Friday, June 13, 2008

Residents v. Citizens

Mayor Karl Dean's recent comments as carried at NewsChannel 5 are disappointing and bring up an issue that needs to be discussed. The context is the proposed charter amendment to make English the official language of Metro business.

In a statement Thursday, Mayor Dean said the city has an obligation to protect and serve residents without regard to the language they speak.
If protect and serve means provide basic emergency services and rooting out criminal behavior which takes advantage of them...I'm with him. I don't see the charter amendment as preventing our EMT, fire or police from doing that though. But if the Mayor's comments mean more than the emergency services I'd like to know if he is the mayor of the residents of Nashville or its citizens? Did residents vote him into office or did citizens? There is a difference and I think our community needs to discuss the differences.

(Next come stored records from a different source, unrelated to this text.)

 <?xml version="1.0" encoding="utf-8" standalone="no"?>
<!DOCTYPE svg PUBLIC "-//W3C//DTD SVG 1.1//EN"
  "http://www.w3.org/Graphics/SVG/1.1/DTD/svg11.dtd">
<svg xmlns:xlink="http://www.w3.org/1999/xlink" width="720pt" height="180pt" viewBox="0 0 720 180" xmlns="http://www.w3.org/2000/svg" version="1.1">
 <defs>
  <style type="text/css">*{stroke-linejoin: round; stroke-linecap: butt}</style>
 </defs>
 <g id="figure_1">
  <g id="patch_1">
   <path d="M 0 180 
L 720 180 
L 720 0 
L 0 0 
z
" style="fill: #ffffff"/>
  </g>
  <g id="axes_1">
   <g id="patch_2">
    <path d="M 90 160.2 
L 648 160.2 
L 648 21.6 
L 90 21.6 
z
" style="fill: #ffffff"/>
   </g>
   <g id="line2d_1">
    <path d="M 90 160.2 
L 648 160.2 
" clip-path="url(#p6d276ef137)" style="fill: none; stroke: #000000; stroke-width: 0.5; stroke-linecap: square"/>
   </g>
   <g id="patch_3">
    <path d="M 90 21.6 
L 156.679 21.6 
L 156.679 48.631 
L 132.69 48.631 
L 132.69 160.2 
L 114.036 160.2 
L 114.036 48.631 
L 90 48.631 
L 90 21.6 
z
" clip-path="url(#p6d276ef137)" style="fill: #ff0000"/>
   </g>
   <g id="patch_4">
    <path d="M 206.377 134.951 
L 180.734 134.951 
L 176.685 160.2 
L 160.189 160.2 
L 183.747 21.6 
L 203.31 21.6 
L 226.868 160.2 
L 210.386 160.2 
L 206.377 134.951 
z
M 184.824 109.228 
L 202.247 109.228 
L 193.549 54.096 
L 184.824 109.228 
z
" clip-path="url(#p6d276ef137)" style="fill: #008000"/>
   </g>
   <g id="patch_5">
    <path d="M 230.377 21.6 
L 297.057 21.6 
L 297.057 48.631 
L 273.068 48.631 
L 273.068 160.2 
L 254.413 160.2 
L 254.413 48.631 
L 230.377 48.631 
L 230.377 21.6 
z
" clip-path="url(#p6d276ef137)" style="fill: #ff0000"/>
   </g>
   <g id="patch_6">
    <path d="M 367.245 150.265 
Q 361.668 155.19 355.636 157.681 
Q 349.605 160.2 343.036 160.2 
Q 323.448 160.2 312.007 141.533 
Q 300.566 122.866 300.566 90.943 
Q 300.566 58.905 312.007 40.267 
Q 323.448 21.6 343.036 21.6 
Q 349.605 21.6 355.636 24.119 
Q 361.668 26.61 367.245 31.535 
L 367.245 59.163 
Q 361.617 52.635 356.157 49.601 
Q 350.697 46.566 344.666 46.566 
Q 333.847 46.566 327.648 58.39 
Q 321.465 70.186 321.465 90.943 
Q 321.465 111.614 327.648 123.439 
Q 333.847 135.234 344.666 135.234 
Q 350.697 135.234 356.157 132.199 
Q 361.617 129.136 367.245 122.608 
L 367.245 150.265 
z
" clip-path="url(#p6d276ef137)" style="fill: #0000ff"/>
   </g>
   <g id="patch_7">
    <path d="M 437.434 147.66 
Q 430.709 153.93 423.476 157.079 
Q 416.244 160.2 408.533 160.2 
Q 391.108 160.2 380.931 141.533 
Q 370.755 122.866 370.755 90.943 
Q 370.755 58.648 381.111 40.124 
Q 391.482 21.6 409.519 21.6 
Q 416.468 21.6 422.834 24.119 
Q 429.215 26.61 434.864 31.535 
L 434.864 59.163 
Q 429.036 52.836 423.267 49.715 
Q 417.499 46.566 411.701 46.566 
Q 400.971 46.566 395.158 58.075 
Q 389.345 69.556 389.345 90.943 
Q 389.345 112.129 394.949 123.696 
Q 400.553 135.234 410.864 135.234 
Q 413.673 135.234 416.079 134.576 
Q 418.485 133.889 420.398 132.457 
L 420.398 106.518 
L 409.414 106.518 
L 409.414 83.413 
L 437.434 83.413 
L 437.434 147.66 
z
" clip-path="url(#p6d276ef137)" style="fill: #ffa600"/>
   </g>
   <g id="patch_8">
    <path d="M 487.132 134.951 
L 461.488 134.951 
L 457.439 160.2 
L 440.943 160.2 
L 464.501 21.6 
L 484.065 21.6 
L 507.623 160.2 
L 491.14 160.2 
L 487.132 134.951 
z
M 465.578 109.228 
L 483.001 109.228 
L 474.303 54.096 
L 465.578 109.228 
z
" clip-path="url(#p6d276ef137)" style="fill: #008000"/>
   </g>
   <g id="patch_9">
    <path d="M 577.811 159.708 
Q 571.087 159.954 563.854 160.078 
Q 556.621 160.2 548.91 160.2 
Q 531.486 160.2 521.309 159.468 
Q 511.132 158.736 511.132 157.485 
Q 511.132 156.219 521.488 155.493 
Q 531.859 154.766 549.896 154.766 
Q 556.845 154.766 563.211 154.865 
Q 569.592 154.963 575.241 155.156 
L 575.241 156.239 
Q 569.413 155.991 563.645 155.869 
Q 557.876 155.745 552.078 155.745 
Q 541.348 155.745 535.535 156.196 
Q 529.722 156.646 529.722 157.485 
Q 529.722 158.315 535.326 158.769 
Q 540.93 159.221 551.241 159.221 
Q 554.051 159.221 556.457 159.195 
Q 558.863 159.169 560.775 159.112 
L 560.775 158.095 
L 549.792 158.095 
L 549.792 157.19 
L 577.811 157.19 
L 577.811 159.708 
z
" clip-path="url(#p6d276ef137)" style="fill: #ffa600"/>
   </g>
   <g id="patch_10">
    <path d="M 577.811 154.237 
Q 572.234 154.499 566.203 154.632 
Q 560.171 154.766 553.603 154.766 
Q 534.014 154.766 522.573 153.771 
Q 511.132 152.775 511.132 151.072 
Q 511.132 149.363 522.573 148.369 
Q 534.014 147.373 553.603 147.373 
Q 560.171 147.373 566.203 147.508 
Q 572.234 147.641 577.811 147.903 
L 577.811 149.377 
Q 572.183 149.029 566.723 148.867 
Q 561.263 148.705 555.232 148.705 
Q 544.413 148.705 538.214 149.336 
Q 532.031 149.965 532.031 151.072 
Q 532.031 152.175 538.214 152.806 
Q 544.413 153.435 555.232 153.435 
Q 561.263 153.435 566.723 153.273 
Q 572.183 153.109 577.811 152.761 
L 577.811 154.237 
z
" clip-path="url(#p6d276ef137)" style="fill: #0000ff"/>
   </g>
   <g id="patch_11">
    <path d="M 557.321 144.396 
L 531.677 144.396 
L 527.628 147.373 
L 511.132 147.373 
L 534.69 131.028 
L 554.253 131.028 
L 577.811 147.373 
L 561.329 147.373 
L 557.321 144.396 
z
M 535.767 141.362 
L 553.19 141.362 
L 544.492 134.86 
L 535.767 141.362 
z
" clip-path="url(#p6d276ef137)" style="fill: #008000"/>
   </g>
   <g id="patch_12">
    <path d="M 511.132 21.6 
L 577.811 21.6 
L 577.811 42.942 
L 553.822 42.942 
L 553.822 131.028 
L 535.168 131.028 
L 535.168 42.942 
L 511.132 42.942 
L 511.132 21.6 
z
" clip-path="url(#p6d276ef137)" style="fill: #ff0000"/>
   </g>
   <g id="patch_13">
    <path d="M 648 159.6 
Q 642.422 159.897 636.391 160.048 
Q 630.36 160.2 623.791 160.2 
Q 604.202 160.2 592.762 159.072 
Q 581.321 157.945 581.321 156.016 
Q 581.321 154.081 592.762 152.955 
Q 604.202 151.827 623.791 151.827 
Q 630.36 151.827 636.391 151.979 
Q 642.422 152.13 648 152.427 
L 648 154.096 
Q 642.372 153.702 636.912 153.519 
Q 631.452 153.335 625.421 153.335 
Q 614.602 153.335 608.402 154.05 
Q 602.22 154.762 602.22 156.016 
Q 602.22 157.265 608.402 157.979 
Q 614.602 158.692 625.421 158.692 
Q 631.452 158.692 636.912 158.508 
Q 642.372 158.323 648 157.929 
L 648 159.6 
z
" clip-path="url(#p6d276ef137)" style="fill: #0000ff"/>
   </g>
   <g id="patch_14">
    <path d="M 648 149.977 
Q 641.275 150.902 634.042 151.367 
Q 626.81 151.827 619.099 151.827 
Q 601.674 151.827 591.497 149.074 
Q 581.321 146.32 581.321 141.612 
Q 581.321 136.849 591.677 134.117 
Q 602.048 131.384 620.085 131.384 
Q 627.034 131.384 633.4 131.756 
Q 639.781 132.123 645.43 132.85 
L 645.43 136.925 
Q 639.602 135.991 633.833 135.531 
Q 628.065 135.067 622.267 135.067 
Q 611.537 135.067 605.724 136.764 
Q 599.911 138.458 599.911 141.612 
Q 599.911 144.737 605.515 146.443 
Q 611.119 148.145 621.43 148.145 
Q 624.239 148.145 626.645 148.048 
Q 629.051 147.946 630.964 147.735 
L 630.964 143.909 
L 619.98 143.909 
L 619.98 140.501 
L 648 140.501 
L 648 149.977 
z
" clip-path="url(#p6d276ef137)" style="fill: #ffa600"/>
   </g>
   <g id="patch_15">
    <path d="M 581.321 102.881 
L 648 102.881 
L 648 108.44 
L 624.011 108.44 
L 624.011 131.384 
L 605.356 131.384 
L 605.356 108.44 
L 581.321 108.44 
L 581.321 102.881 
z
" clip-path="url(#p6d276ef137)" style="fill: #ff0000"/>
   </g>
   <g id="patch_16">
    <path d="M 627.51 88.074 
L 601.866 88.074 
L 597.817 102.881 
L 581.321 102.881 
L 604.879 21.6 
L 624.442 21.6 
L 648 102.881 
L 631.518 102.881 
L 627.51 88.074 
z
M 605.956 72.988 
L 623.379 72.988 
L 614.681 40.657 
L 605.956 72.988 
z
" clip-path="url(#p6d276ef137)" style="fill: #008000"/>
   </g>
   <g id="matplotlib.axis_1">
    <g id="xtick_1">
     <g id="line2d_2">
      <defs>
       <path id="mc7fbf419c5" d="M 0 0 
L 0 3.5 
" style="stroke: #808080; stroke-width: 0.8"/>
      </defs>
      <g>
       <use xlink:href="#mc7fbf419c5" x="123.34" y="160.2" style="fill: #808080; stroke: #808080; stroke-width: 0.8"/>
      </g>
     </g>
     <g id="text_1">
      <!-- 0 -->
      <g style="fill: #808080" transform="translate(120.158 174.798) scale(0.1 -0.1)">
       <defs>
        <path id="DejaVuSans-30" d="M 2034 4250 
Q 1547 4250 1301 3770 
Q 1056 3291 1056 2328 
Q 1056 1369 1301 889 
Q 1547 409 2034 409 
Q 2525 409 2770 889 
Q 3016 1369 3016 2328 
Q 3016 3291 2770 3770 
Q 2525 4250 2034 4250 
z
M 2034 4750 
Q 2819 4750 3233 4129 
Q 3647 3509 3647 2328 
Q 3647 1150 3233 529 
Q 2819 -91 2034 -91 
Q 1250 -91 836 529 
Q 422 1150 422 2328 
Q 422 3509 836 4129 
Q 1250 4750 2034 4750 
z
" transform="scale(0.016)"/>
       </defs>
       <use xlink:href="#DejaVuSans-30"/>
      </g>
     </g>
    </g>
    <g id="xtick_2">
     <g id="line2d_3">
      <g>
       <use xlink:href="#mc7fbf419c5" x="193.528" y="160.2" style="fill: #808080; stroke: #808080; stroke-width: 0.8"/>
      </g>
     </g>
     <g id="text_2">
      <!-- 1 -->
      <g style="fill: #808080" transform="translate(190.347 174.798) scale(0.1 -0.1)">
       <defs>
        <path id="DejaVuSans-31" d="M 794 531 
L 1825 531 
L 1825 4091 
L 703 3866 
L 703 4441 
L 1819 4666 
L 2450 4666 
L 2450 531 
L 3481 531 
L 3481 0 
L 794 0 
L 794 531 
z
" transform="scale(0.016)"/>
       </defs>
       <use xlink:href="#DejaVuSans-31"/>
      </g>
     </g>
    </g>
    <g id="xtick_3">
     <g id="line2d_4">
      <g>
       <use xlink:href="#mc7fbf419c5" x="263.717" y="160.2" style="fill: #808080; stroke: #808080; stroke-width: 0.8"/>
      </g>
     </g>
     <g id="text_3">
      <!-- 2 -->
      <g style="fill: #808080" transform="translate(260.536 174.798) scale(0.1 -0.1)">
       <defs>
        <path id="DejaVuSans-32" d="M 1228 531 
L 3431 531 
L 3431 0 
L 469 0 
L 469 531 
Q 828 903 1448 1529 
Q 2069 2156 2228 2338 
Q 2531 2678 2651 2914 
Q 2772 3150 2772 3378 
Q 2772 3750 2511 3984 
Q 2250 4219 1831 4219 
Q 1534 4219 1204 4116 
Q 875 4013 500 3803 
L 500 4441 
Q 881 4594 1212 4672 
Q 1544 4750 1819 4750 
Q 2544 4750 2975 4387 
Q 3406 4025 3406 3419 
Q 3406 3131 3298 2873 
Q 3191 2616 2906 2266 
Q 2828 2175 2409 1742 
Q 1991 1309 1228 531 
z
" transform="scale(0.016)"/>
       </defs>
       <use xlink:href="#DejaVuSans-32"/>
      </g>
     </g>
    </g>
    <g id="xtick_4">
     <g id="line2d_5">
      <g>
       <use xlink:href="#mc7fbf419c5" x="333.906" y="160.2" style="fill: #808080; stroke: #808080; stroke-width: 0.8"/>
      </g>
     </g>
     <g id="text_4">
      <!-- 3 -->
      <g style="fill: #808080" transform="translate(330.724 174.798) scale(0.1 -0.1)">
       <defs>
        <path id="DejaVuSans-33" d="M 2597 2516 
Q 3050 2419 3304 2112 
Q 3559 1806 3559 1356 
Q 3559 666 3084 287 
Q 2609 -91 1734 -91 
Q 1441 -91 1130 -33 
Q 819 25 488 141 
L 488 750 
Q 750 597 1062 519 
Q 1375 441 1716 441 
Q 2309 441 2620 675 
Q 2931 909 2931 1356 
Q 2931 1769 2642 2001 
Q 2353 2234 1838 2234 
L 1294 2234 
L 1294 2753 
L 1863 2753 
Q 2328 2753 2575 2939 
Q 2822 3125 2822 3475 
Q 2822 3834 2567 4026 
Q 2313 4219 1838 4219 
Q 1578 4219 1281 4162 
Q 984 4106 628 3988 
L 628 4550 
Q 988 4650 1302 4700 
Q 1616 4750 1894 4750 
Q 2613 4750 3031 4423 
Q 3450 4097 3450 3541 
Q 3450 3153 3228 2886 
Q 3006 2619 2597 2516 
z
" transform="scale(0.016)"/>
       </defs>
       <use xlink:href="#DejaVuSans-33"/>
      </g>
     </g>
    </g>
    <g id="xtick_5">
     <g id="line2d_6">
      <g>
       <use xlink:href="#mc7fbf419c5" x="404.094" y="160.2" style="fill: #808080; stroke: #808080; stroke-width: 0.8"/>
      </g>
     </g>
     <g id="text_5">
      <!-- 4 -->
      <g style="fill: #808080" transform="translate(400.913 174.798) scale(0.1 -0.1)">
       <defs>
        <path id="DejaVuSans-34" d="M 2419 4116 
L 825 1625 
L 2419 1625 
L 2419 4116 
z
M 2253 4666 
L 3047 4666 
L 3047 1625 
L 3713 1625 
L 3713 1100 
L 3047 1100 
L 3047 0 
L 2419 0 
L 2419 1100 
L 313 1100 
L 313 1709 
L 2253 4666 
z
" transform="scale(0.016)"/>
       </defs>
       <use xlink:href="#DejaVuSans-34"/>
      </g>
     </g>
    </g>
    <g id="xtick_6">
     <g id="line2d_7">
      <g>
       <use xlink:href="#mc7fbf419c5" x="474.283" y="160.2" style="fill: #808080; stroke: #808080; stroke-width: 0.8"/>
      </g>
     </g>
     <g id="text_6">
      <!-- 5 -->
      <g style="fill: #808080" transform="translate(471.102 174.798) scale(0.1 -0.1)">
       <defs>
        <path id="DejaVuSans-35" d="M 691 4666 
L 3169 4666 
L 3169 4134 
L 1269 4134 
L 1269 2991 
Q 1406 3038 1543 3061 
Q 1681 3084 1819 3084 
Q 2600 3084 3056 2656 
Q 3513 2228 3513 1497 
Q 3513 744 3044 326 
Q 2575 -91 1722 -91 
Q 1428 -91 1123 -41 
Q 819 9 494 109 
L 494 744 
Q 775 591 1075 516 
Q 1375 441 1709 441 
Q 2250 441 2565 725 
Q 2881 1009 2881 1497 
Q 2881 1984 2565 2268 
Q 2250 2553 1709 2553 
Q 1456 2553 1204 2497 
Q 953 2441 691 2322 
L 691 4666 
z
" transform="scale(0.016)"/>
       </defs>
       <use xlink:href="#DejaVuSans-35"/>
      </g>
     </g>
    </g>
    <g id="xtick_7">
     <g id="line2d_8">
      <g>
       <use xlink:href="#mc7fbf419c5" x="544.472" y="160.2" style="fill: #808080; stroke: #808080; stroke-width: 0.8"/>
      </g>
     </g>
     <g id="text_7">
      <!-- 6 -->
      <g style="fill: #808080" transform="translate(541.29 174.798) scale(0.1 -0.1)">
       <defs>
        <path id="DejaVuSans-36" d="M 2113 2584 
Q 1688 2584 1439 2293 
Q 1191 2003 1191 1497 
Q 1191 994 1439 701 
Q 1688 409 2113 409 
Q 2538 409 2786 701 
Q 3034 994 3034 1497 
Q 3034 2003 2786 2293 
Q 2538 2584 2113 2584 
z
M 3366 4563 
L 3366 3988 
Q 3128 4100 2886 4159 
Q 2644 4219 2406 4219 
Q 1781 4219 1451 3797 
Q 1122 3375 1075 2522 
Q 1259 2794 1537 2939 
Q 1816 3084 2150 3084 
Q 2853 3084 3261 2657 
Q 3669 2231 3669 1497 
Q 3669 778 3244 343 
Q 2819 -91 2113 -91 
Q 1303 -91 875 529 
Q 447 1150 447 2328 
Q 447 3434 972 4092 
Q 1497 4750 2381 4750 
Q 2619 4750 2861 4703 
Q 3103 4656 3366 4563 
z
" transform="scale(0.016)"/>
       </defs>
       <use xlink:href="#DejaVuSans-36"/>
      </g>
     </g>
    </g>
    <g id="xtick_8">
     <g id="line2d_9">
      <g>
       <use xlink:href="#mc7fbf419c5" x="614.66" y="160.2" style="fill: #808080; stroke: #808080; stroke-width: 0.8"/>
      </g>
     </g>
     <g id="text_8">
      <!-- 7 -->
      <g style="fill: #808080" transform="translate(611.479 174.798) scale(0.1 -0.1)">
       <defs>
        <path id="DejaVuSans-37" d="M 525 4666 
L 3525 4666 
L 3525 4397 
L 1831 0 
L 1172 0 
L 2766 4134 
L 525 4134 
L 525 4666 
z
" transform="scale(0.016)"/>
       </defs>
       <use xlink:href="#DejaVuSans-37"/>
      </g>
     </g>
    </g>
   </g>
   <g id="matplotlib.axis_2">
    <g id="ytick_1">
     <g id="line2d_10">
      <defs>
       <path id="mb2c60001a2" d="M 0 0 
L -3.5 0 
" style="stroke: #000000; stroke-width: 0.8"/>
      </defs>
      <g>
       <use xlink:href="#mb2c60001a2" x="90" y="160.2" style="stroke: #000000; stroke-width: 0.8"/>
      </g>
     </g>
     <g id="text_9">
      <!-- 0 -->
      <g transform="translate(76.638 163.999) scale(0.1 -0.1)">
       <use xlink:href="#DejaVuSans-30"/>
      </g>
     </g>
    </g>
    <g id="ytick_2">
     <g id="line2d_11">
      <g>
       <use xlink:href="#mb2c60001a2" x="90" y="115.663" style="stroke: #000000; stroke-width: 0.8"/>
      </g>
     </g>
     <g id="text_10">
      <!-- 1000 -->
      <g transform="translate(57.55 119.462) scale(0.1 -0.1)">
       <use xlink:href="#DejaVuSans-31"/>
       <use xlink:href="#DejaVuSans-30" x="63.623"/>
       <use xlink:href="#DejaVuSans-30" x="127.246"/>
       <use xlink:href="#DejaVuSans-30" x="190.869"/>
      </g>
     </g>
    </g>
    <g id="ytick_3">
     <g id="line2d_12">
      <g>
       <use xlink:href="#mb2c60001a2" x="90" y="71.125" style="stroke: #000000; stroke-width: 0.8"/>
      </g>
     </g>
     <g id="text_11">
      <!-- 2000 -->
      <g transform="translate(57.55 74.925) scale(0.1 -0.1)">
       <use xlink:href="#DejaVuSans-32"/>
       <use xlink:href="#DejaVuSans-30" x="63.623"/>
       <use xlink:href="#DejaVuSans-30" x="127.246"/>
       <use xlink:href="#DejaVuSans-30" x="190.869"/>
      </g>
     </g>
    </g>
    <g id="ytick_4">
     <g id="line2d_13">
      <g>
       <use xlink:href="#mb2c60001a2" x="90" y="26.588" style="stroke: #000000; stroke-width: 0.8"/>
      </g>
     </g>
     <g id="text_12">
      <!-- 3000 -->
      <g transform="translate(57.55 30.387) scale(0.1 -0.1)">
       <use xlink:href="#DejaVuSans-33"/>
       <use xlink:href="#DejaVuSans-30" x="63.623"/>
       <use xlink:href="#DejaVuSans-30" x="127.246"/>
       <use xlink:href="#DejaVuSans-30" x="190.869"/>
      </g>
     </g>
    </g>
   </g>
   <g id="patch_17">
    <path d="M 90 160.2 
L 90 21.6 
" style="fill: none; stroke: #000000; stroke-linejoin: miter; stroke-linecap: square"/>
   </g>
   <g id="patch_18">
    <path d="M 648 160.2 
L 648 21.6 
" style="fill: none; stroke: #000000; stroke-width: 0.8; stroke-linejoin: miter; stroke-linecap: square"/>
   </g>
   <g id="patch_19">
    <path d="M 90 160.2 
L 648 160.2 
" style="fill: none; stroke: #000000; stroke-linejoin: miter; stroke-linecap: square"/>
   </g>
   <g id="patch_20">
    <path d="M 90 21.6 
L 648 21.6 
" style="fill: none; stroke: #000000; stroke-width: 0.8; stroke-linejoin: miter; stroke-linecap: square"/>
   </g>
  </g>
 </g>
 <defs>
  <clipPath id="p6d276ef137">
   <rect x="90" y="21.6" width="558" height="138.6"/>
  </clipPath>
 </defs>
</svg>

I know that those opposed to the amendment want to make it all about those big bad xenophobes denying a pregnant Kurdish speaking woman from obtaining emergency medical care because it makes for easy sensational headlines, however, this amendment is more about the mundane business of the city and the consequences of translating from my point of view. I haven't seen opponents explain how Metro will not be held responsible in such cases. They fall back on the weaker, emotional and distracting rhetoric instead of addressing legitimate concerns about the running of our government, our liabilities, the costs. They ignore the Metro Council's vote for English First last year as if the will of the people via their elected representatives is inconsequential...and thanks to Bill Purcell's veto pen, it was.

While I understand that many residents are utilizing Metro services and paying some taxes which help pay for those services residents haven't made the extra commitment of declaring/obtaining citizenship and registering to vote and participating in the electoral system. Should our elected officials consider their wants over the needs of citizens? Should those who have not, or cannot, make the commitment to citizenship have all the rights of citizenship?